= Anti-slavery fairs =

Anti-slavery fairs were meetings in the 1830s through 1860s where American abolitionists, particularly women, sold goods and distributed and discussed anti-slavery ideas.

== Early anti-slavery gatherings ==
Sewing circles provided women with intense exposure to anti-slavery literature, slogans, and leaders. These circles were most prominent from 1835 to 1860. Women involved in these circles had an extreme devotion to them. Many of the women devoted to abolition were very religious, particularly different denominations of Christianity. Their belief and understanding of slavery was that it was not moral in their religion. What started out as small sewing circles grew into larger fairs. Eventually, anti-slavery propaganda was spread alongside the selling of baked goods, clothing items, and common household items. This resulted in it being difficult for even non-committed attendees at the fairs to ignore the central message of abolition. Customers of all ages, genders, and races were exposed to the message of anti-slavery through these fairs as they came to buy homemade and manufactured goods. As fairs became larger, they moved from homes and churches into hotels, stores, and meeting halls.

== Growing support ==
The Boston and Philadelphia fairs were sponsors for the first anti-slavery sales in 1834 and 1836. Smaller fairs were able to donate and sell items at the larger fairs like Boston and Philadelphia which provided advertisement for the message of anti-slavery as well as helped smaller fairs rise among the Northeast. By 1848 Boston, Philadelphia, and several smaller fairs received material and moral support from anti-slavery advocates in Ireland, Scotland, and Britain. Selling foreign goods helped to boost attendance from the general public to the fairs. Sales of British goods brought in almost half of the Boston Female Anti-Slavery Society’s treasury‘s income in the 1850s. Women in charge of organizing the fairs continued to call for even more support by inviting all people to participate by donating or selling their goods. These could include dry goods, products from a farm or garden, sewn items, toys, books, or art. Larger anti-slavery groups, like the one in Philadelphia also made efforts to support smaller sewing circles that gained popularity in the West as well, like in Ohio. Larger fairs made sure to publish notes of thanks for all smaller sewing circles that contributed goods to encourage them and thank them for their support.

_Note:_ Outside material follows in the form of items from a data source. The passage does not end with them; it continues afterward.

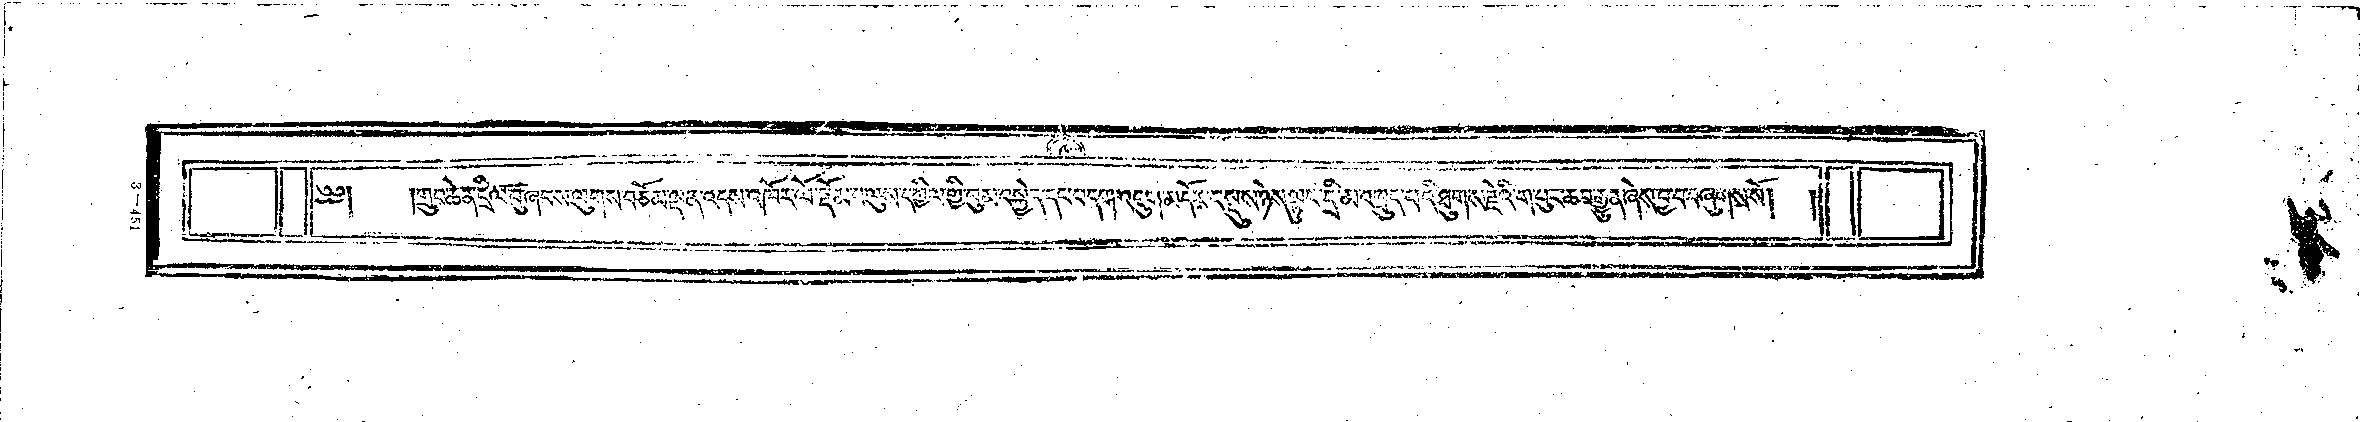༄༅། །གྲུབ་ཆེན་དྲིལ་བུ་ཞབས་ལུགས་བཅོམ་ལྡན་འདས་འཁོར་ལོ་སྡོམ་པ་ལུས་དཀྱིལ་གྱི་བུམ་བསྐྱེད་དང་བདག་འཇུག་མདོར་བསྡུས་ཉེས་ལྟུང་དྲི་མ་འཁྲུད་པའི་ཐུགས་རྗེའི་ག་པུར་ཆབ་རྒྱུན་ཞེས་བྱ་བ་བཞུགས་སོ། །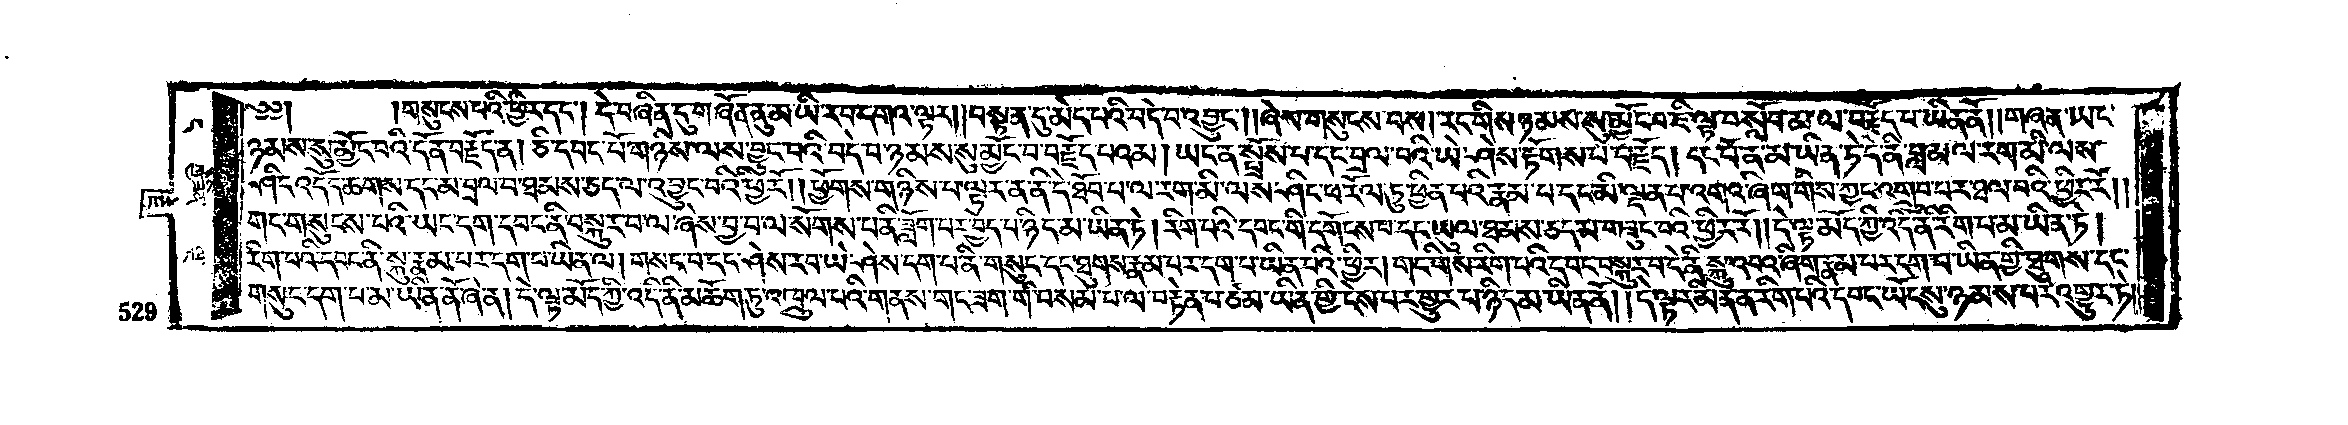༄༅། །གསུངས་པའི་ཕྱིར་དང་། དེ་བཞིན་དུ་གཞོན་ནུ་མ་ཡི་རབ་དགའ་ལྟར། །བསྟན་དུ་མེད་པའི་བདེ་བ་འབྱུང་། །ཞེས་གསུངས་པས། རང་གིས་ཉམས་སུ་མྱོང་བ་ཇི་ལྟ་བ་སློབ་མ་ལ་བརྗོད་པ་ཡིན་ནོ། །གཞན་ཡང་
ཉམས་སུ་མྱོང་བའི་དོན་བརྗོད་ན། ཅི་དབང་པོ་གཉིས་ལས་བྱུང་བའི་བདེ་བ་ཉམས་སུ་མྱོང་བ་བརྗོད་པའམ། ཡང་ན་སྤྲོས་པ་དང་བྲལ་བའི་ཡེ་ཤེས་རྟོགས་པ་བརྗོད། དང་པོ་ན་མ་ཡིན་ཏེ་དེ་ནི་བླ་མ་ལ་རག་མི་ལས་
ཤིང་འདོད་ཆགས་དང་མ་བྲལ་བ་ཐམས་ཅད་ལ་འབྱུང་བའི་ཕྱིར་རོ། །ཕྱོགས་གཉིས་པ་ལྟར་ན་ནི་དེ་ཐོབ་པ་ལ་རག་མི་ལས་ཤིང་ཕ་རོལ་ཏུ་ཕྱིན་པའི་རྣམ་པ་དང་མི་ལྡན་པ་འགའ་ཞིག་གིས་ཀྱང་འགྲུབ་པར་ཐལ་བའི་ཕྱིར་རོ།
གང་གསུངས་པའི་ཡང་དག་དབང་ནི་བསྐུར་བ་ལ་ཞེས་བྱ་བ་ལ་སོགས་པ་ནི་ཟློག་པར་བྱེད་པ་ཉིད་མ་ཡིན་ཏེ། རིག་པའི་དབང་གི་དགོངས་པ་དང་ཡུལ་ཐམས་ཅད་མ་གཟུང་བའི་ཕྱིར་རོ། །དེ་ལྟ་མོད་ཀྱི་འདི་ནི་རིག་པ་མ་ཡིན་ཏེ།
རིག་པའི་དབང་ནི་སྐུ་རྣམ་པར་དག་པ་ཡིན་ལ། གསང་བ་དང་ཤེས་རབ་ཡེ་ཤེས་དག་པ་ནི་གསུང་དང་ཐུགས་རྣམ་པར་དག་པ་ཡིན་པའི་ཕྱིར། གང་གིས་རིག་པའི་དབང་བསྐུར་བ་དེ་ནི་སྐུ་འབའ་ཞིག་རྣམ་པར་དག་པ་ཡིན་གྱི་ཐུགས་དང་
གསུང་དག་པ་མ་ཡིན་ནོ་ཞེ་ན། དེ་ལྟ་མོད་ཀྱི་འདི་ནི་མཆོག་ཏུ་འཁྲུལ་པའི་གནས་གང་ཟག་གི་བསམ་པ་ལ་བརྟེན་པ་ཙམ་ཡིན་གྱི་ངེས་པར་གྱུར་པ་ཉིད་མ་ཡིན་ནོ། །དེ་ལྟར་མིན་ན་རིག་པའི་དབང་ཡོངས་སུ་ཉམས་པར་འགྱུར་ཏེ།

== Intersectionality of anti-slavery fairs ==
Middle class white women played the biggest role in the organization of these fairs. However, black women often contributed homemade goods to be sold and white men often donated money or goods to be sold as well. This allowed for men and women both black and white to work and socialize together, which the abolitionists saw as a way to break down racial and gender barriers in public spaces. Anti-slavery fairs were a way that women, especially in the Northeast United States, pushed the bounds of "separate spheres" for men and women. The voluntary work of women at these fairs gave women a stronger voice in politics and a stronger influence in the local economies.

== Contributors ==
The Weston sisters were a group that contributed largely to the anti-slavery cause. They were educated, middle class, white women from Weymouth, Massachusetts. One of the sisters, Maria Weston Chapman, married an abolitionist that helped connect the other five sisters, who never married, to the anti-slavery movement. They became leaders in the Boston female Anti-Slavery Society where they became very influential despite resistance towards women performing activism in public spaces. Maria Weston Chapman also was an editor of the Liberty Bell! which published essays, stories, and poems about slaves and abolition. Much of the success that Maria Weston Chapman brought to the anti-slavery fairs that she was involved in can be attributed to her extensive connections with wealthy families throughout Boston and much of Massachusetts.